Светлый фон

Много лет этот объект был законсервирован и переведен в резерв в ожидании своего определенного часа. И вот, казалось, когда этот час стал приближаться и пора было заняться недостроенной японской базой вплотную и сделать так, чтобы она не простаивала без дела, возникли неожиданные осложнения — на ней вдруг объявился — по мнению Хоуда, совершенно ни к чему — человек, и не кто–нибудь, а советский моряк, которого, кроме всего прочего, извольте видеть, еще и принимают с распростертыми объятиями. Надо спешить, но действовать осмотрительно. Досадно, что накануне как раз разработали план действий, но теперь его придется изменить. Начальство требовало в течение месяца представить на рассмотрение и утверждение окончательные предложения Хоуда.

Предстояло забросить на остров для первоначального обследования пять человек: инженера, химика, медика, коменданта, желательно русского: рядом граница СССР, знающий русский необходим, — и сержанта, переводчика с японского.

Хоуд как раз занимался подбором кандидатуры будущего коменданта.

Из пачки карточек с круглыми дырочками — листов–контролек агентов ЦРУ — он отложил больше половины: не годились.

На столе осталась маленькая стопка прямоугольников из плотной глянцевитой бумаги и рядом папки с личными делами. Хоуд не спеша взял верхнюю.

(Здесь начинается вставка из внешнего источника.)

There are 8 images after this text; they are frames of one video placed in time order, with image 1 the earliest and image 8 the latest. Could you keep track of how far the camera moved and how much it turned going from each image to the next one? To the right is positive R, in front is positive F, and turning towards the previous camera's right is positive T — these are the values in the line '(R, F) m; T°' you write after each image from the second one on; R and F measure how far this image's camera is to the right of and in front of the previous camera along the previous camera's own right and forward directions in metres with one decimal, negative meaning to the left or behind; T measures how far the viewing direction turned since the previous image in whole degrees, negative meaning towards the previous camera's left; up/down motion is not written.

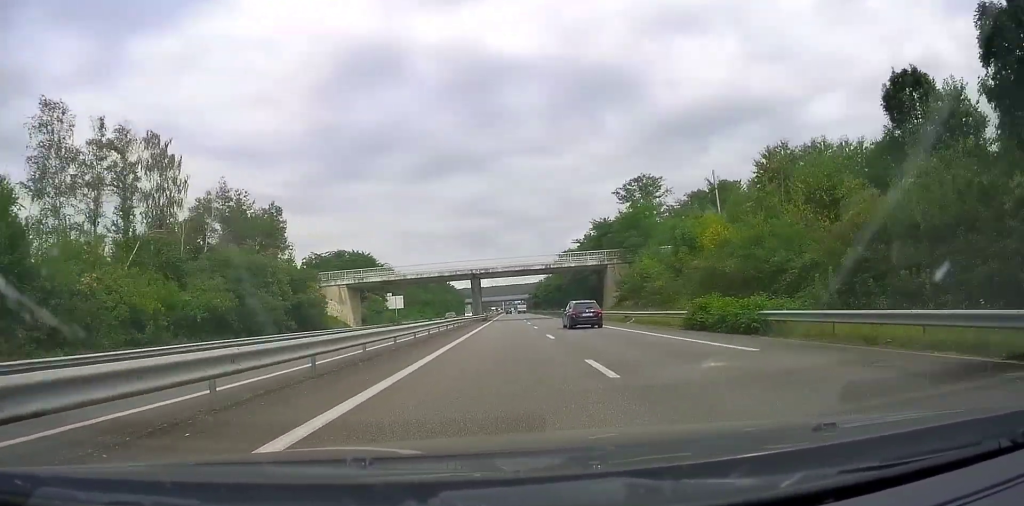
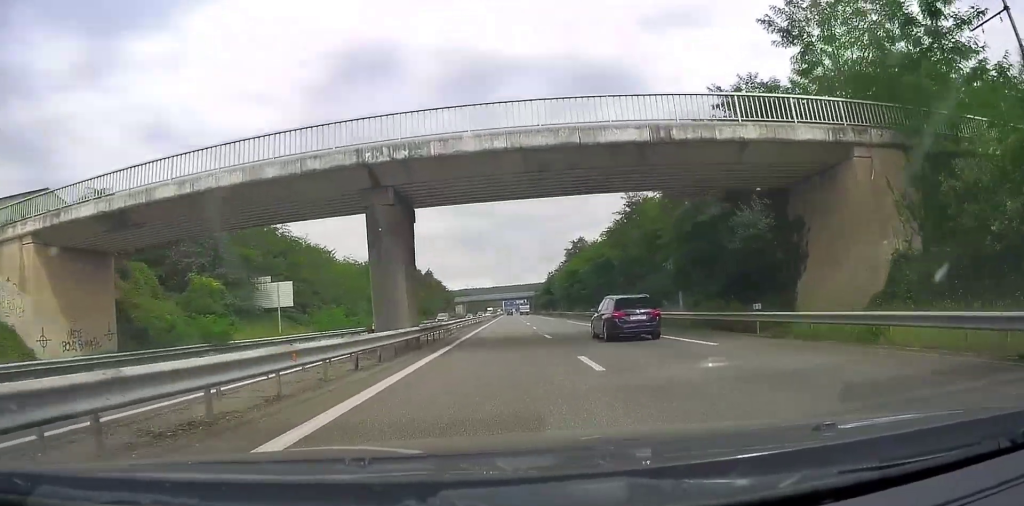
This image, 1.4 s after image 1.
(+0.1, +51.3) m; +1°
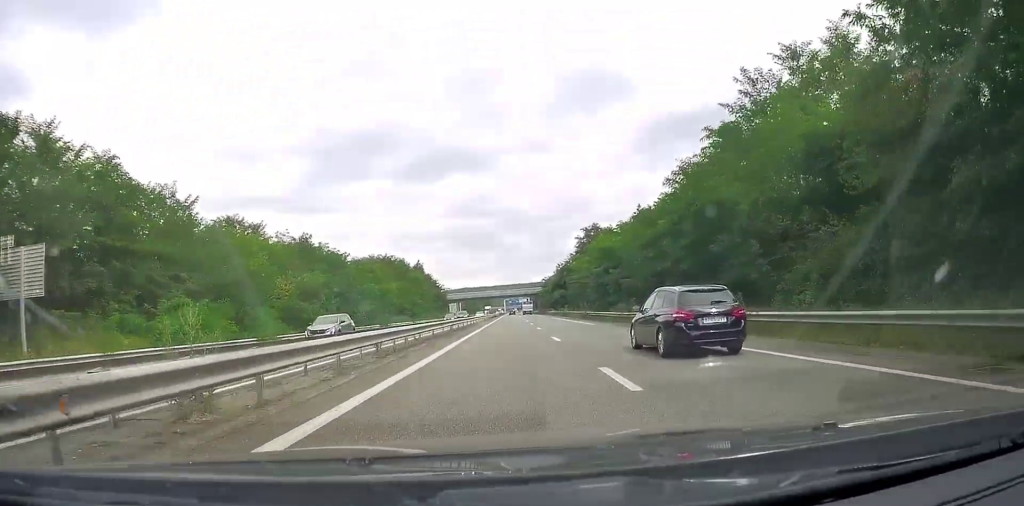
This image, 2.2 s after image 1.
(+0.6, +28.9) m; 0°
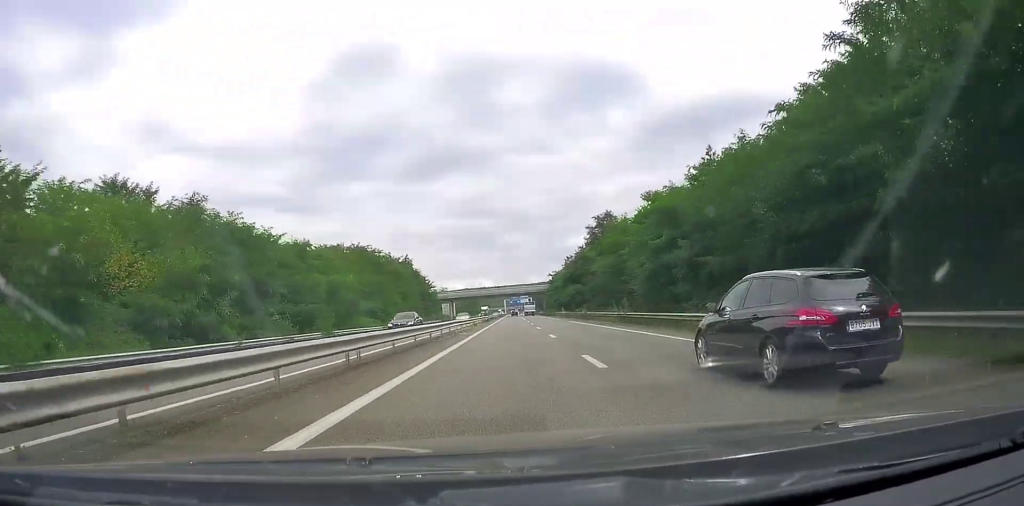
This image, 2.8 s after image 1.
(-0.6, +22.7) m; -1°
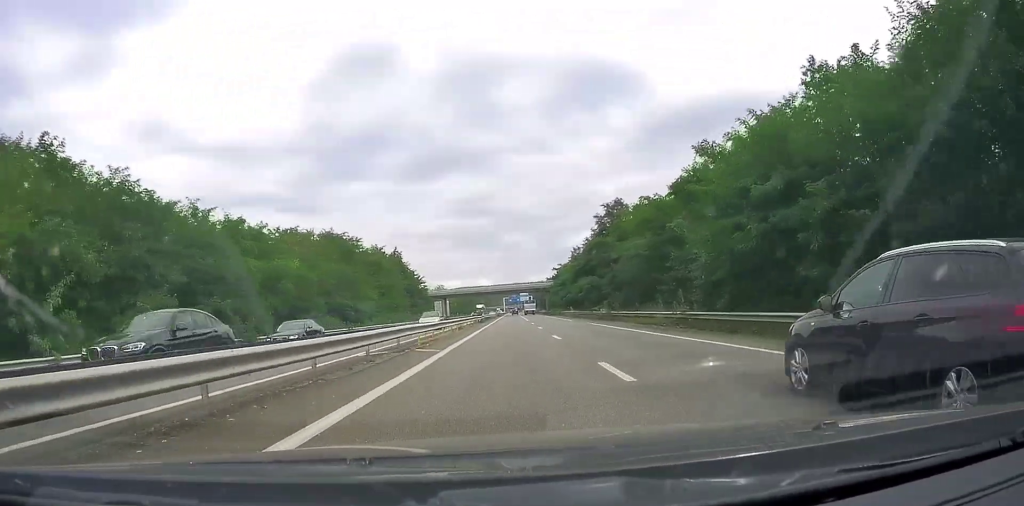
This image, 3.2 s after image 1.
(-0.1, +15.3) m; 0°
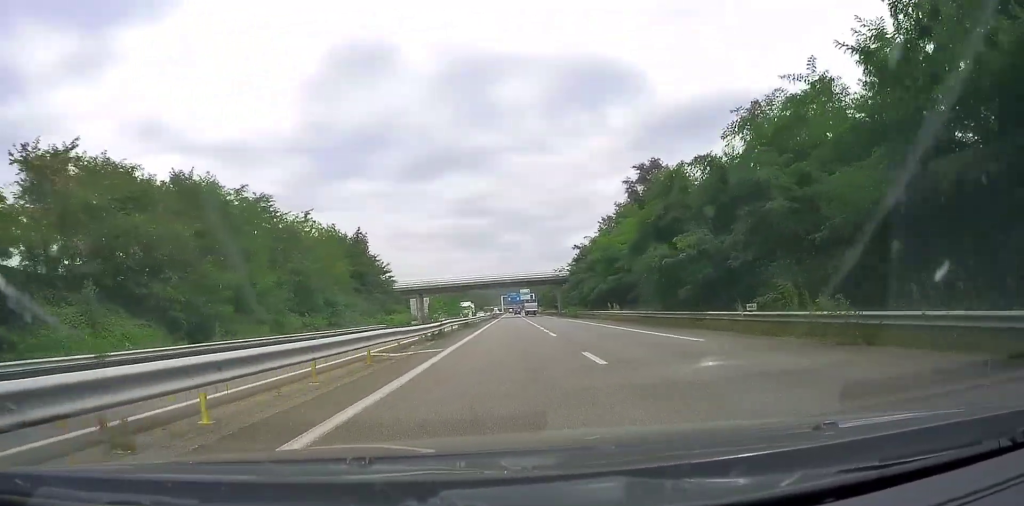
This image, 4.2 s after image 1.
(+0.5, +36.1) m; +1°
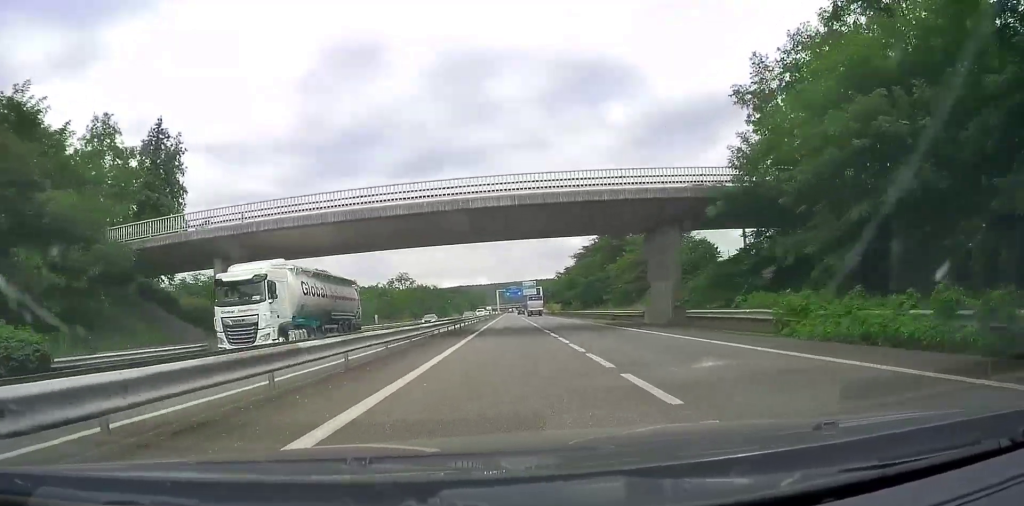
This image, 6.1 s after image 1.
(-0.1, +69.1) m; -1°
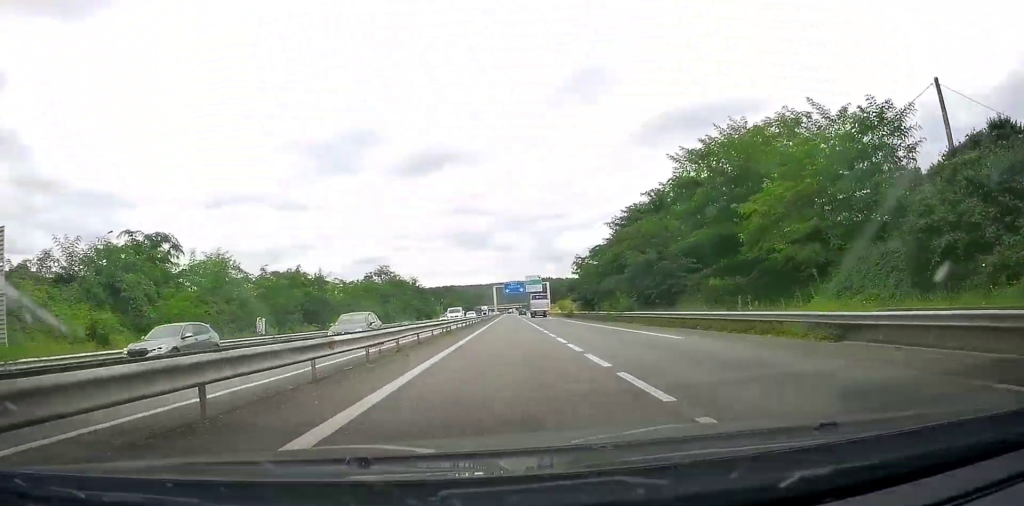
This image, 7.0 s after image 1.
(-0.5, +33.7) m; 0°

«Улезло Николай Иванович, — прочел он. — Рост шесть футов, глаза серые, волосы светло–каштановые, редкие». Пробежав мельком прочие мелочи, Хоуд более внимательно остановился на краткой биографии.

«Родился в деревне, в Орловской области, в 1924 году.

Призван в армию в начале войны.

Перебежал к гитлеровцам, стал полицаем.

В 1945 году под Шверином захвачен советскими солдатами.

Бежал.

Ранил конвоира и очутился у американцев.

Отправлен в Штаты, где обучали в специальной школе».

Характеристика — как набор безличных предложений:

«Туповат. Завистлив. Себялюбив. Карьерист. Жаден. Демагог. Лицемерен. Жесток. Труслив».

«Вот это букет! — Хоуд даже присвистнул. — Законченный подонок. Ну, да чем хуже — тем лучше. Этот не распустит слюни и не побежит с повинной; за измену родине, прошлые зверства, да еще ранение бойца, — на этот счет у русских строго, расстрел обеспечен. А впрочем, черт в его душу влезет Предал один раз, предаст и другой… А где же взять других? Идейных противников Советской власти давно нет и в помине, вот и перебиваемся разной поганью».

Хоуд вспомнил, что в конце войны он, еще молоденький лейтенант, офицер связи, недавно окончивший колледж, находился именно там, где этот проходимец переплывал реку Теперь, несмотря на прошедшие годы, он почти не изменился и твердо верил: удача тебе сопутствует лишь тогда, когда не рассуждаешь, а хорошо исполняешь свое дело, за которое платят деньги. Его ведомство занималось кругом определенных вопросов. Эти вопросы, в масштабе своего сектора, должен решать он, Хоуд, решать добросовестно и так, как с него требуют. Разведка существует с незапамятных времен, и ничего аморального в этом нет. Его, Хоуда, во всяком случае, это не интересует, пусть об этом болит голова у тех, кто сидит на материке, шлет ему инструкции и получает раза в четыре больше. Ему же хватает своих забот и нечего засорять башку разной чушью, пусть ею занимаются политики. А убеждения у майора как были, так и остались твердые. Была бы его воля, безо всяких там реверансов и экивоков выгнал бы из Штатов всех негров, а на большевиков, ничтоже сумняшеся, сбросил бы целую гроздь водородных бомб, а еще лучше — нейтронных, чтобы все люди подохли, а имущество осталось. Своих же собственных коммунистов вообще передушил бы без суду и следствия.